“Jabez Clegg!” remonstrated Mr. Ashton, with wide-open eyes.
“Have you any other reason to be dissatisfied with present arrangements?” asked Mrs. Ashton stiffly.
“Oh! Mrs. Ashton, how can I have? This house has been my home for years, and such a home as rarely falls to the lot of the fatherless. To you, my benefactors, I owe everything—almost myself; and I should ill repay your uniform kindness by remaining to create discord.”
“If your only desire to remove is to gratify Miss Ashton’s whims, you will oblige me, Mr. Clegg, by remaining,” replied Mrs. Ashton, with grave decision; whilst Mr. Ashton, looking the very picture of consternation, laid his hand upon the young man’s sleeve, and said slowly—
“My lad, you have been one of the household for many years; do not be the first to make a breach in the family. If the child of our blood and our affections goes forth to strangers wilfully, and repudiates us, do not let the son of our adoption leave us to lament her loss in solitude.”

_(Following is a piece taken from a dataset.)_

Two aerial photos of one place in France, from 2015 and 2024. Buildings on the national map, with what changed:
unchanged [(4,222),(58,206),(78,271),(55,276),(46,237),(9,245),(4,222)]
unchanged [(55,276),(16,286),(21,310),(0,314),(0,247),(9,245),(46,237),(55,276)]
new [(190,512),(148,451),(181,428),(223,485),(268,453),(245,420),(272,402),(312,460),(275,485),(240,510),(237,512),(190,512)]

This was strong language, but Mrs. Ashton did not gainsay it, and Mr. Clegg could not longer press the point though his own pain was intensified by the fear of adding to the distress of Augusta, who, he was confident, regarded him as an interloper and a mischief-maker.
Little had been seen of Ellen since the return from Carr Cottage. A message despatched by Mrs. Ashton to her sister, in her dilemma, was answered by another to pray them to “excuse Miss Chadwick, who was not well enough to go out.”
This somewhat disconcerted Mrs. Ashton, who, more alarmed than she would admit, and disturbed by the restless uneasiness of her husband, had looked for Ellen to act as a mediator without any compromise of her own dignity.
At the close of the second day, as Augusta pertinaciously refused to open the door, at the instance of Jabez the lock was forced; and even then a barrier of chairs and boxes had to be thrust back by sheer strength. She was exhausted from want of food, but her will was indomitable, and neither her father’s entreaties, nor her mother’s commands could induce her to partake of the viands spread before her.
Jabez was in agony. Delicacy and her obvious dislike had kept him from intruding upon her privacy, but as hour after hour was added to the night, and Augusta persistently dashed aside the food placed to her lips, he joined his prayers to those of her father; and neither availing, rushed out of the house, and in less than a quarter of an hour returned with Dr. Hull. He was not a man to stand any nonsense.